Work to complete: For every line in the data below that contains "Grassland", copy the line.

Data provided:
+++++

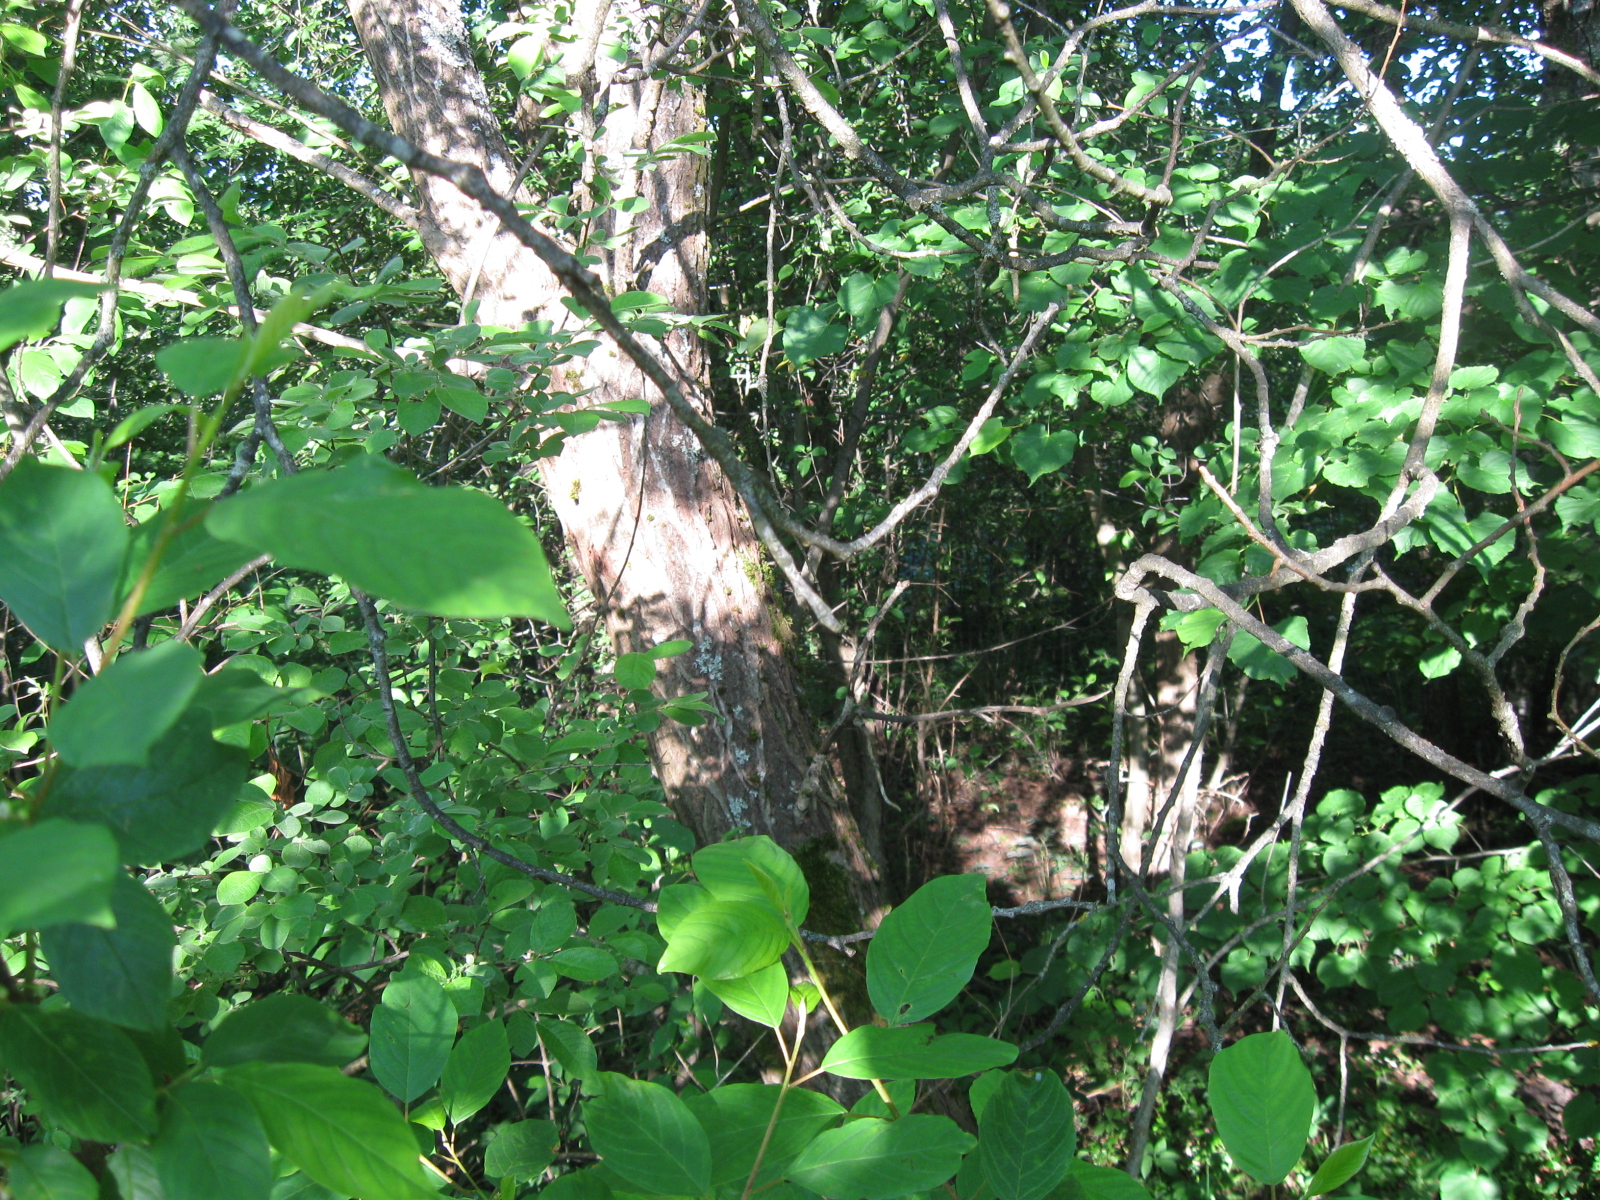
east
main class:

+++++

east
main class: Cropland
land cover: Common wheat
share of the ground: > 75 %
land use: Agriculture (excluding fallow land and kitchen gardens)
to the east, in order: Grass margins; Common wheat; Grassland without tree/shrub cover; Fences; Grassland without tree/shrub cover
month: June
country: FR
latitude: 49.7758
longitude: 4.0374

+++++

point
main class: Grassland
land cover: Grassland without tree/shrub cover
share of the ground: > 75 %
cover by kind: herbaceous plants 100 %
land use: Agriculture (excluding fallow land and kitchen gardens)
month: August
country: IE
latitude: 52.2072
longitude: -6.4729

+++++

Answer:
to the east, in order: Grass margins; Common wheat; Grassland without tree/shrub cover; Fences; Grassland without tree/shrub cover
main class: Grassland
land cover: Grassland without tree/shrub cover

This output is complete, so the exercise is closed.